(Data extracted from a collection)
==================================================

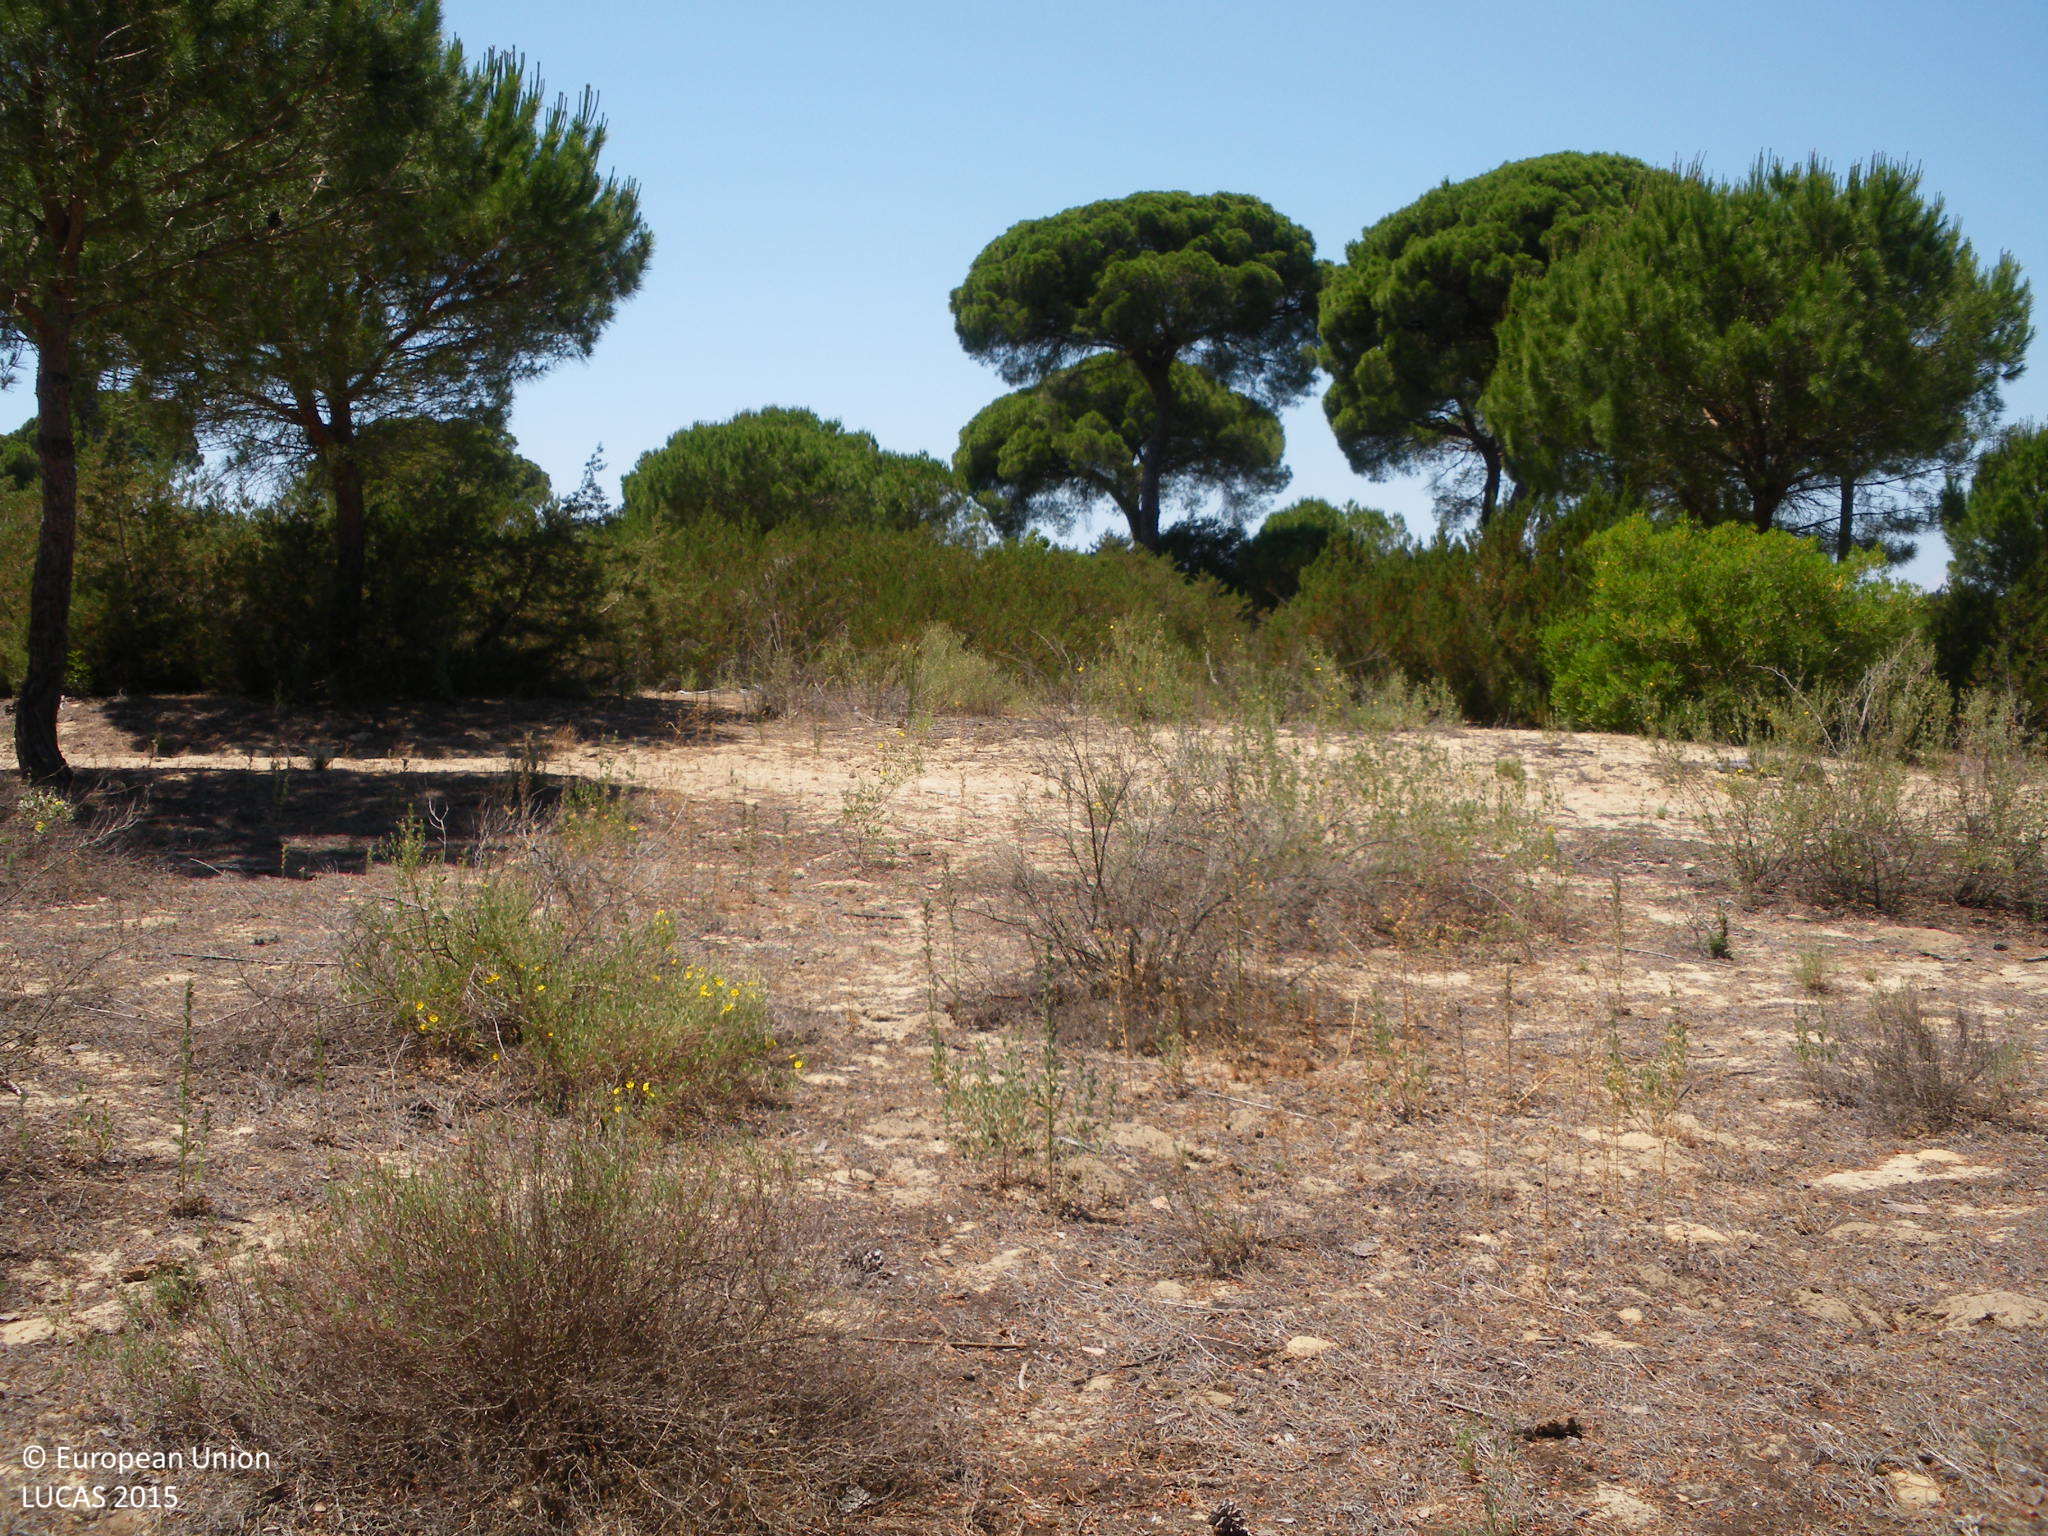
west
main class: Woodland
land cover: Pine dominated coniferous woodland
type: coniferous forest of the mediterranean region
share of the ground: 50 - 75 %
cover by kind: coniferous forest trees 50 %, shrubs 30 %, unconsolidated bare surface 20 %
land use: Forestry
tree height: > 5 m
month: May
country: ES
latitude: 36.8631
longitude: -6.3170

==================================================

● Exercise description:
Pictures stay out; reproduce every line of the records exactly.

● Answer to the exercise:
west
main class: Woodland
land cover: Pine dominated coniferous woodland
type: coniferous forest of the mediterranean region
share of the ground: 50 - 75 %
cover by kind: coniferous forest trees 50 %, shrubs 30 %, unconsolidated bare surface 20 %
land use: Forestry
tree height: > 5 m
month: May
country: ES
latitude: 36.8631
longitude: -6.3170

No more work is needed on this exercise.